* Task description *
Your answer should be an exact copy of the lines from the one containing "Character: 𥎑" through the last line of the records below, without any pictures.

* Record set *
============
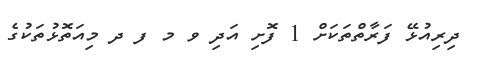
ދިރިއުޅޭ ފަރާތްތަކަށް 1 ފޮށި އަދި ވ މ ފ ދ މިއަތޮޅުތަކުގެ
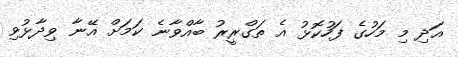
އަދި މި މަހުގެ ފަހުކޮޅު އެ ތަގްރީރު ބާއްވާނެ ކަމަށް އޭނާ ވިދާޅުވި
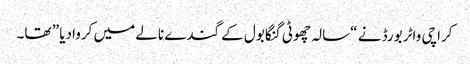
کراچی واٹر بورڈ نے “سالہ چھوٹی گنگا بول کے گندے نالے میں کروادیا ” تھا۔
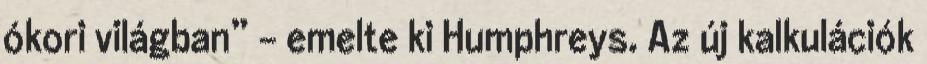
ókori világban” – emelte ki Humphreys. Az új kalkulációk
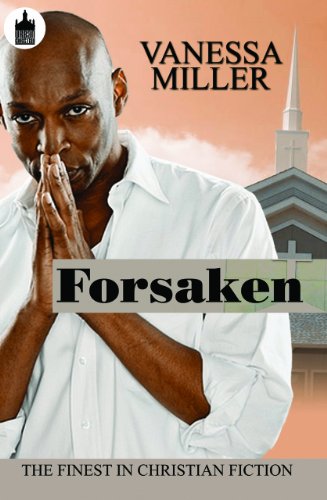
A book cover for Forsaken (Urban Books); Vanessa Miller; Literature & Fiction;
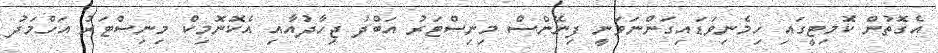
އެގޮތުން ކޮމިޓީގައި ހިމެނިވަޑައިގަންނަވަނީ ފިނޭންސް މިނިސްޓަރު އަބްދު ޖިހާދުއާއި އެކޮނޮމިކް މިނިސްޓަރު އަހްމަދު
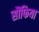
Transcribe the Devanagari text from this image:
सौंफिया
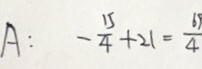
A : - \frac { 1 5 } { 4 } + 2 1 = \frac { 6 9 } { 4 }
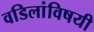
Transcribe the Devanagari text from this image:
वडिलांविषयी
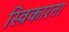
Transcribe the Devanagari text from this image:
स्विकारता
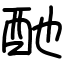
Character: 酏
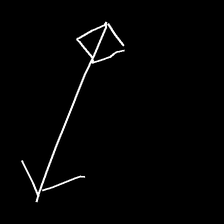
Glyph: focus
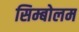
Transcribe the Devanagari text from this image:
सिम्बोलम
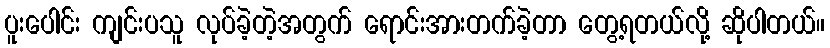
ပူးပေါင်း ကျင်းပသူ လုပ်ခဲ့တဲ့အတွက် ရောင်းအားတက်ခဲ့တာ တွေ့ရတယ်လို့ ဆိုပါတယ်။
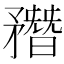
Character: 𥎑
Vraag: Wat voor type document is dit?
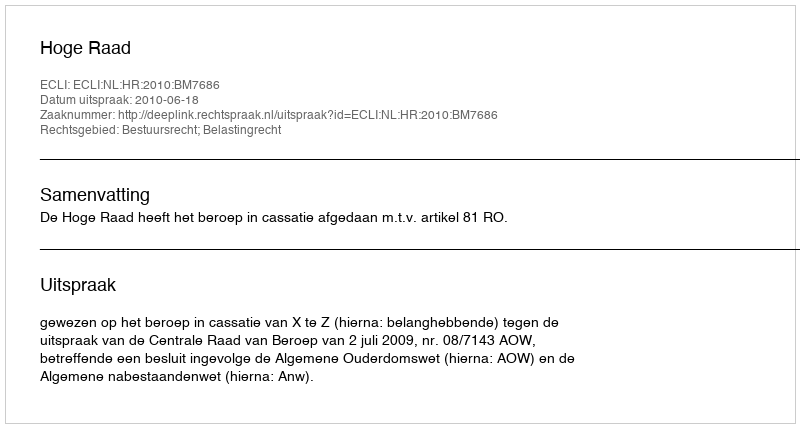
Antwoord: Uitspraak
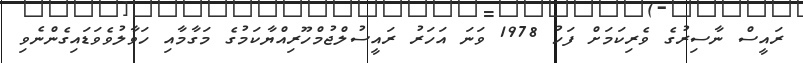
ރައީސް ނާސިރުގެ ވެރިކަމަށް ފަހު 1978 ވަނަ އަހަރު ރައީސުލްޖުމްހޫރިއްޔާކަމުގެ މަގާމާއި ހަވާލުވެވަޑައިގެންނެވި
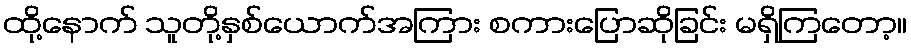
ထို့နောက် သူတို့နှစ်ယောက်အကြား စကားပြောဆိုခြင်း မရှိကြတော့။
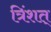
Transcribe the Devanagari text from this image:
त्रिंशत्
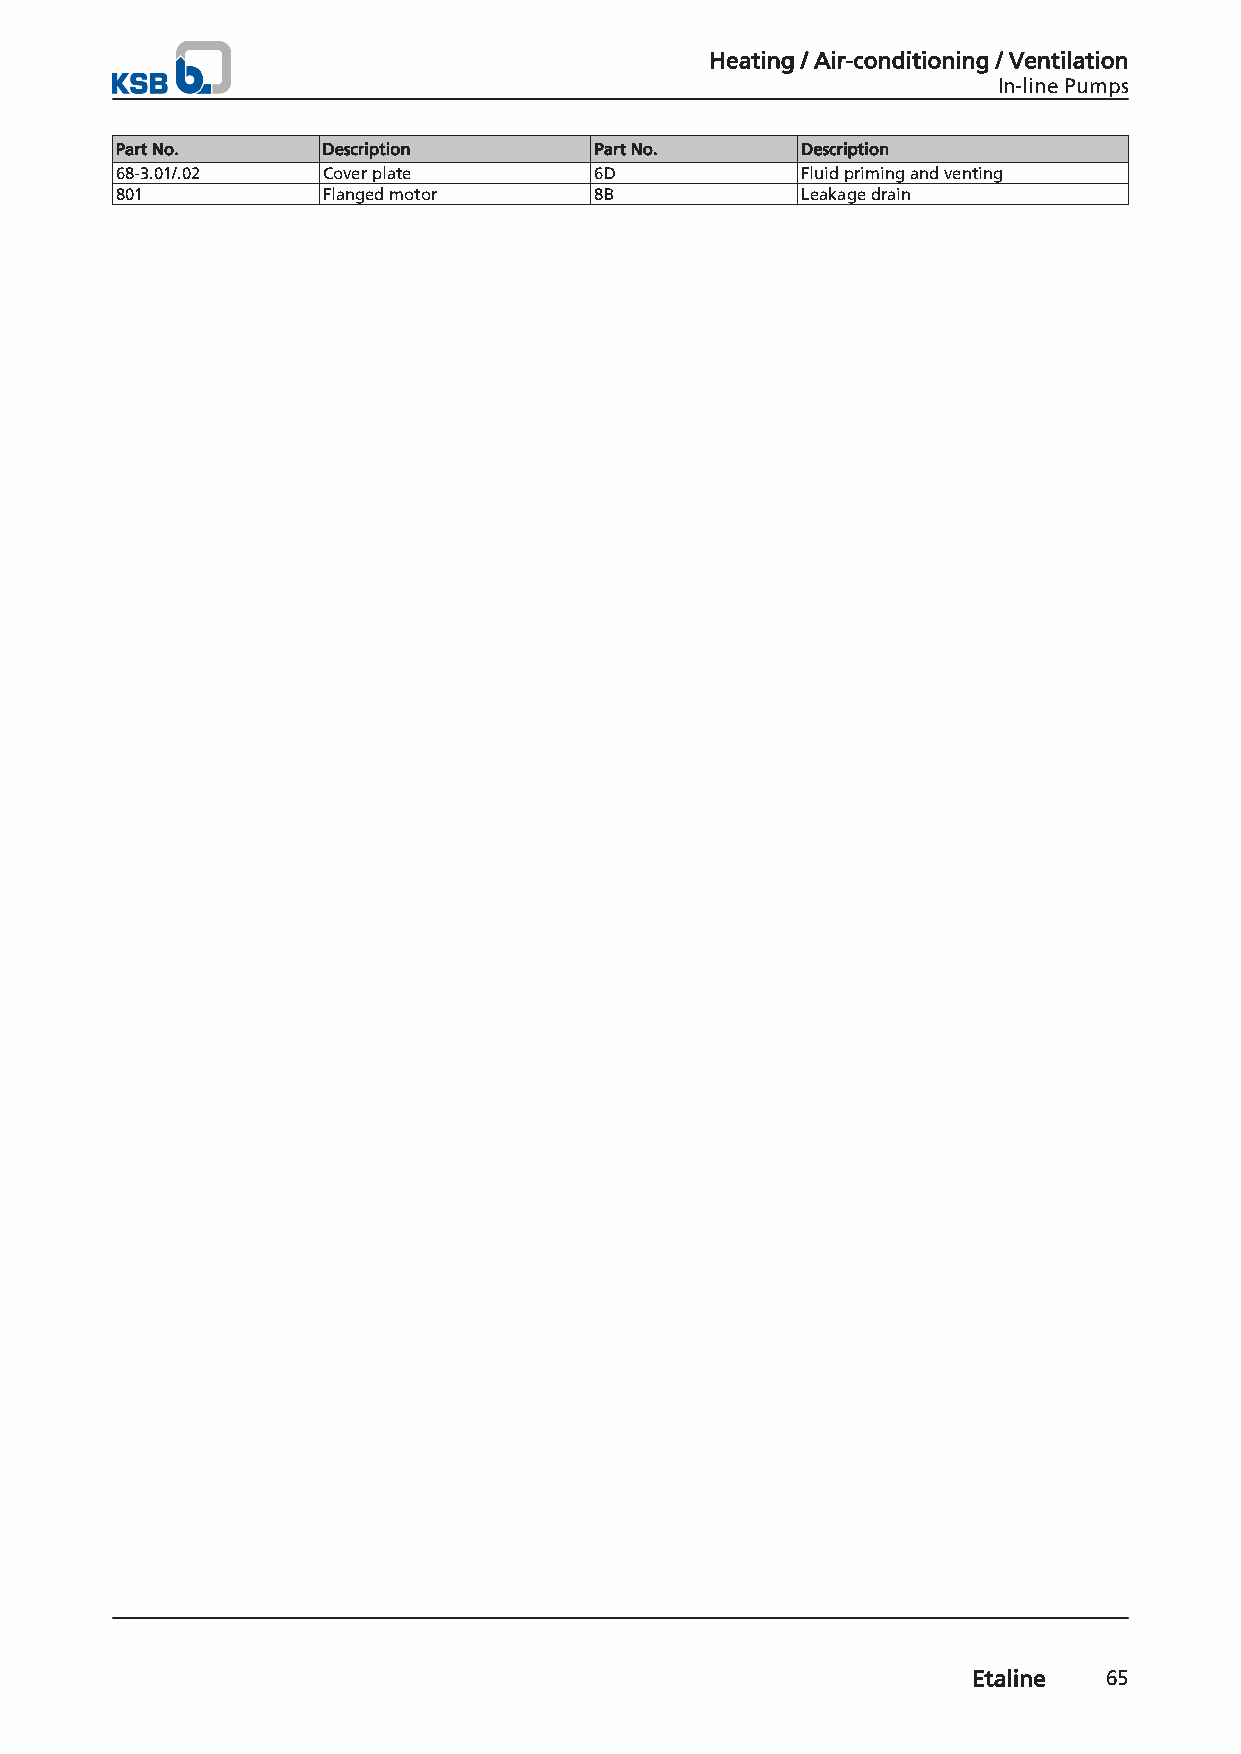
Heating / Air-conditioning / Ventilation
 In-line Pumps
 Part No.     Description       Part No.      Description
 68-3.01/.02  Cover plate       6D            Fluid priming and venting
 801          Flanged motor     8B            Leakage drain
 Etaline  65
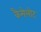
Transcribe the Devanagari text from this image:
कैमेलोट
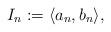
LaTeX: \begin{align*}I_n:=\langle a_n, b_n\rangle,\end{align*}
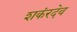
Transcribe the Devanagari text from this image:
शकंरदेव
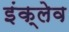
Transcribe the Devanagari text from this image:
इंक्लेव
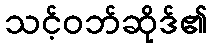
============
* Response box *
Character: 𥎑
Vraag: Wat voor type document is dit?
Antwoord: Uitspraak
ރައީސް ނާސިރުގެ ވެރިކަމަށް ފަހު 1978 ވަނަ އަހަރު ރައީސުލްޖުމްހޫރިއްޔާކަމުގެ މަގާމާއި ހަވާލުވެވަޑައިގެންނެވި
ထို့နောက် သူတို့နှစ်ယောက်အကြား စကားပြောဆိုခြင်း မရှိကြတော့။
Transcribe the Devanagari text from this image:
त्रिंशत्
Heating / Air-conditioning / Ventilation
 In-line Pumps
 Part No.     Description       Part No.      Description
 68-3.01/.02  Cover plate       6D            Fluid priming and venting
 801          Flanged motor     8B            Leakage drain
 Etaline  65
Transcribe the Devanagari text from this image:
कैमेलोट
LaTeX: \begin{align*}I_n:=\langle a_n, b_n\rangle,\end{align*}
Transcribe the Devanagari text from this image:
शकंरदेव
Transcribe the Devanagari text from this image:
इंक्लेव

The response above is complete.